If 2013 was a good year, then 2014 can be described as total disappointment. We realize that this is a not a good opening for a letter. It does sound depressing. However, that is the reality of how we are doing in 2014. On brighter note, it is a year that teaches us about contentment, gratitude and humility.

Soul-Searching

Our performance this year causes a period of soul-searching for us. We are beaten by the index around 1-2%, while the best funds are doing 30-40% return. Are we doing the right thing by insisting on value approach? Or value just doesn’t work in Indonesia? Why do so much research on company fundamentals, and why take so much concentrated risk if it is possible to return that kind of numbers using other methodologies?

In 2013, we were tempted to experiment on other strategies such as those based on technical, momentum, and market flow. Our retreat from those strategies might explain our outperformance in 2013. When the calendar turns to 2014, we are quite committed not to do the same mistake again. That is apparent from our portfolio turnover that decreases from 320% to 136%.[1] However, the avoidance of the strategies also causes us to miss some of the potential gains in the market. We missed out on the buying at the dip early in the years. Our conviction was the market was not cheap enough. Apparently we are still waiting for people to panic, while some of the less pessimistic value investors had gone in to look for bargain. Clearly, this year, we have been more pessimistic than required; it is reflected from our average cash holding from 22% in 2013 to 36% in 2014.[2] Are we shaken by this? Yes, but eventually we realized that we need to stay true to our core beliefs. We cannot let result of one year to evaluate our conviction. Our concern is not whether our foundation is correct (if the concept of buying a good company with margin of safety is invalid, then at least we die trying); our concern should be focused on the application of that principle.

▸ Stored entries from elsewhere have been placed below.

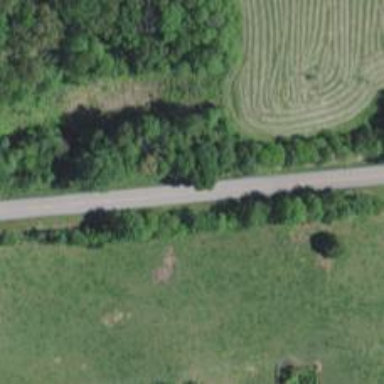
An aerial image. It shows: Secondary road.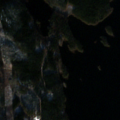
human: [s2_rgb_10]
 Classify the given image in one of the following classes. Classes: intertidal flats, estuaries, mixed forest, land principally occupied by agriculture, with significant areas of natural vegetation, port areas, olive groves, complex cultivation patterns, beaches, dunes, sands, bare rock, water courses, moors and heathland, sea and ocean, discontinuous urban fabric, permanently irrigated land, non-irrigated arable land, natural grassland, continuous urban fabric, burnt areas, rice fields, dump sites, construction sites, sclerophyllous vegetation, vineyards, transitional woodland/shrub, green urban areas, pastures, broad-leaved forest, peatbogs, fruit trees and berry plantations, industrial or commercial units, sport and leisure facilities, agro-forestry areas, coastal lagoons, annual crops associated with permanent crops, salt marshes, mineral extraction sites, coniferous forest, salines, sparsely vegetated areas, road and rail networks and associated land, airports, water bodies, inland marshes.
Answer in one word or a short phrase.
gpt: coniferous forest, mixed forest, transitional woodland/shrub, water bodies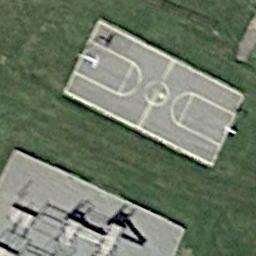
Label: basketball_court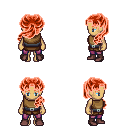
a pixel art fantasy rpg character, female body template, human, tanned skin, leather chest armor, magenta pants, red princess hairstyle, maroon shoes, four views (front, back, left, right), 2x2 character sprite sheet, small pixel art, hard edges, no anti-aliasing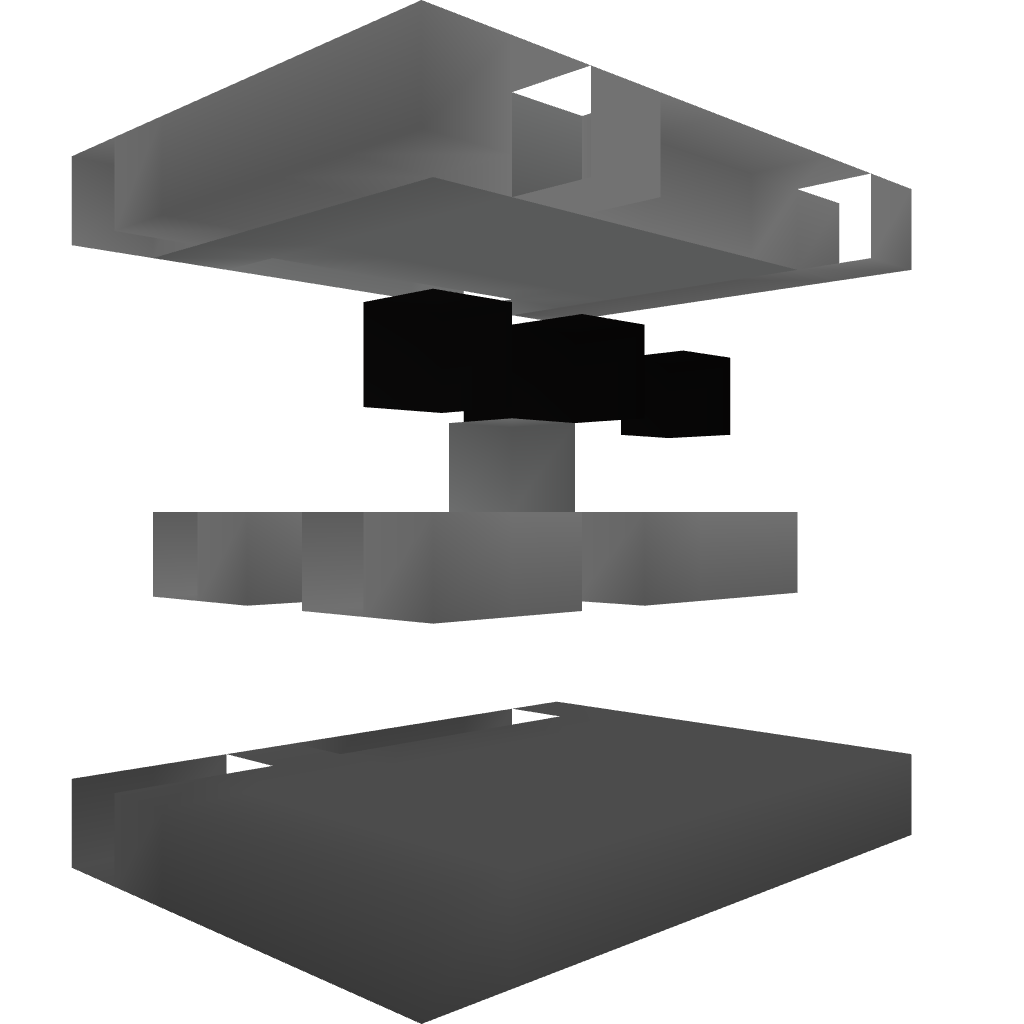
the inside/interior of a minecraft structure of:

Value investing is analogous to our faith. We will never get 100% certainty that a method will work. It is exacerbated by the fact that to find out whether a method will work as intended, we need decades of application. Yes, we can refer back to the textbook or biography of the successful value investors, but reading and knowing are very different from actually walking through it. When doing it, there is always a lingering question whether we missed something or made mistake along the way. To our consolation, at least investing is a much easier topics than salvation. In salvation, we put our hope and faith in a belief, and wait until we wake up at the other side of life to find out. In investing, the worst thing that can happen is to wake up one bright day and found out that the 40 years of application has been proven wrong by one swipe of massive underperformance or total loss. Well, at least we still have our lives and souls (If you think that is not true, and losing soul is less painful than losing wealth, we suggest you contact the nearest monastery / church to get your soul checked out).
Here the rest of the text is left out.